Une obligation légale : l’analyse des risques psychosociaux

Afin d’éviter le stress en entreprise, l’employeur est dans l’obligation, conformément à la législation, d’évaluer les sources collectives de stress et mettre en place des actions pour les combattre. C’est ce que la législation désigne sous le terme d’ « analyse des risques psychosociaux ». Les service externes de prévention et de protection au travail, tels que Cohezio, ont développé une large expertise en la matière et accompagnent régulièrement les employeurs désireux de mettre en place une politique de prévention des risques psychosociaux. La méthode d’analyse des risques psychosociaux utilisée sera choisie en fonction de l’organisation concernée et pourra prendre la forme

  • soit d’une analyse quantitative : c’est-à-dire réalisée par l’intermédiaire d’un questionnaire envoyé à l’ensemble du personnel de l’organisation. Cette méthode est utilisée principalement lorsque la taille de la population concernée est importante (plus de 50 travailleurs environ) et ne permet pas d’aller à la rencontre des travailleurs. Les questionnaires utilisés diffèrent d’un service externe de prévention et de protection à l’autre. Cohezio a choisi, pour sa part, de développer un questionnaire en collaboration avec l’Université Libre de Bruxelles pour appréhender cette question spécifique.
  • soit d’une analyse qualitative :  c’est-à-dire basée sur une rencontre avec les travailleurs dans le cadre d’un entretien individuel ou d’un groupe de travail.

Quelle que soit la méthodologie choisie, l’objectif des analyses des risques psychosociaux est de questionner le travailleur sur sa situation de travail et surtout sur les risques psychosociaux auxquels il est confronté. Il s’agira ensuite, pour l’employeur, sur base des résultats obtenus, de prendre des actions pour améliorer le bien-être des travailleurs de manière globale.

Le stress au travail est assurément un défi collectif à relever par les employeurs. Investir dans sa prévention ne peut leur amener que du positif : cela leur évitera de devoir gérer les conséquences désastreuses du stress pour l’organisation  (absentéisme, perte de motivation, conflits, etc.) mais surtout pour les individus qui la composent (burnout, maladie, etc.) et qui forment - faut-il le rappeler ? - leur capital le plus précieux.

28 avril, une journée encore trop nécessaire

La Journée mondiale de la sécurité et de la santé au travail a lieu tous les ans, le 28 avril. Chaque année, l’Organisation Internationale du Travail définit un thème. Celui retenu en 2016 est « le stress au travail : un défi collectif ».

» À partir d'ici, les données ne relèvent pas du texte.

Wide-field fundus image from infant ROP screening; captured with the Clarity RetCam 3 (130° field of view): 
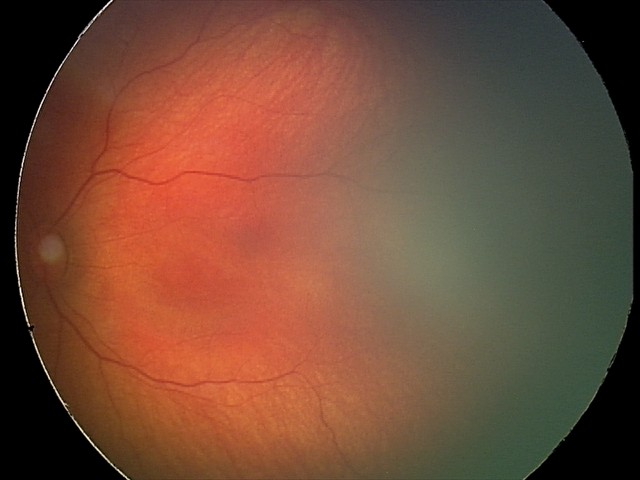
Physiological retinal appearance for postconceptual age.

Cette journée s’apparente à une campagne internationale destinée à promouvoir dans le monde entier une culture du travail sûr, salubre et décent. Chaque année dans le monde, quelque 2.3 millions de travailleurs perdent la vie pour des raisons liées au travail (soit 5.000 par jour !), 160 millions de nouveaux cas de maladies professionnelles sont signalés et plus de 300 millions de personnes sont victimes d'accidents du travail non mortels. Chaque année aussi, quelque 2800 milliards de dollars sont absorbés par le temps de travail perdu, le coût des traitements, des indemnités versées et de la rééducation suite aux blessures et aux maladies professionnelles.

Des chiffres suffisamment éloquents pour encourager avec force la mise en place de mesures de prévention appropriées et généralisées par rapport à l’ensemble des risques professionnels.

Noëmi PANIZIERI,
Manager du Département psychosocial Cohezio


1 Baromètre biannuel du stress réalisé par le prestataire de services RH Securex.

Cet article est paru dans le Psychologies Magazine du mois d'avril.